Five years after the BP well explosion, there is no single, conclusive answer to how the Gulf of Mexico is doing, but there are many questions. Here are some of them:

WHAT DO SCIENTISTS SAY?

To assess the health of the Gulf of Mexico, The Associated Press surveyed 26 marine scientists about two dozen aspects of the fragile ecosystem to see how this vital waterway has changed since before the April 2010 spill. On average, the researcher­s graded an 11 percent drop in the overall health of the Gulf.

The surveyed scientists on average said that before the spill, the Gulf was a 73 on a 0 to 100 scale. Now it’s a 65. In the survey, scientists report the biggest drops in rating the current health of oysters, dolphins, sea turtles, marshes and the seafloor.

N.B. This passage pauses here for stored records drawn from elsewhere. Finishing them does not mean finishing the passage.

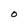
Character: O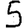
Digit: 5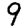
Digit: 9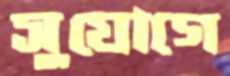
সুযোগে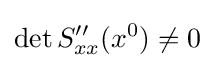
\det S''_{xx}(x^{0})\neq 0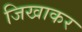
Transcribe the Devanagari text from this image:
जिखाकर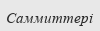
Саммиттері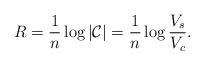
\begin{align*}R=\frac{1}{n}\log\left|\mathcal{C}\right|=\frac{1}{n}\log\frac{V_{s}}{V_{c}}.\end{align*}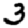
Digit: 3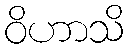
ဝိဟာသိ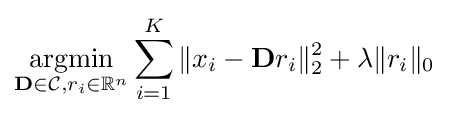
{\underset {\mathbf {D} \in {\mathcal {C}},r_{i}\in \mathbb {R} ^{n}}{\text{argmin}}}\sum _{i=1}^{K}\|x_{i}-\mathbf {D} r_{i}\|_{2}^{2}+\lambda \|r_{i}\|_{0}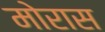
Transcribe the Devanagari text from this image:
मोरास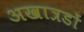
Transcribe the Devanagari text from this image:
अखात्रडों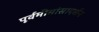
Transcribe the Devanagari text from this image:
पूर्वमीमांसादर्शन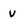
Character: v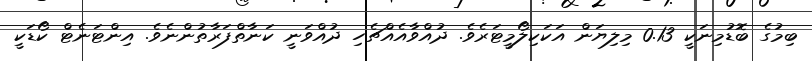
ބިމުގެ ބޮޑުމިނަކީ 0.13 މިލިޔަން އަކަކިލޯމީޓަރެވެ. ދުއްވާއެއްޗެހި ދުއްވަނީ ކަނާތްފަރާތުންނެވެ. އިންޓަނެޓް ކޯޑަކީ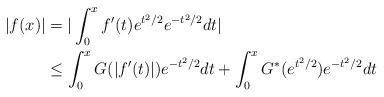
LaTeX: \begin{align*}|f(x)| & = | \int_0^x f'(t) e^{t^2/2} e^{-t^2/2} dt | \\& \leq \int_0^x G(|f'(t)|) e^{-t^2/2} dt + \int_0^x G^*(e^{t^2/2}) e^{-t^2/2} dt \end{align*}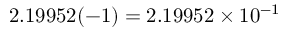
2 . 1 9 9 5 2 ( - 1 ) = 2 . 1 9 9 5 2 \times 1 0 ^ { - 1 }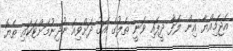
އެޖަމިއްޔާ އިން ލަފާ ދީފައި ވަނީ ތެލުގެ އަގު ދަށްވިއަ ނުދިނުމަށްޓަކައި ތެޔޮ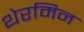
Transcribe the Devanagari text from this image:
थेरमिन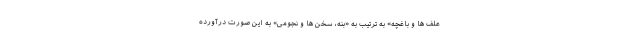
علف ها و باغچه» به ترتیب به «بنه، سخن ها و نجومی» به این صورت درآورده

WHAT HAPPENED TO DOLPHINS?

Common bottlenose dolphins have been dying at a record rate in northern parts of the Gulf of Mexico since the BP spill, according to NOAA and other scientists who have published studies on the figures. From 2002 to 2009, the Gulf averaged 63 dolphin deaths a year. That rose to 125 in the seven months after the spill in 2010 and 335 in all of 2011, averaging more than 200 a year since April 2010.

That’s the longest and largest dolphin die- off ever recorded in the Gulf. But the number of deaths has started to decline, said Stephanie Venn-Watson, a veterinary epidemiolo­gist at the Marine Mammal Foundation and a lead author of studies on the dolphin mortality.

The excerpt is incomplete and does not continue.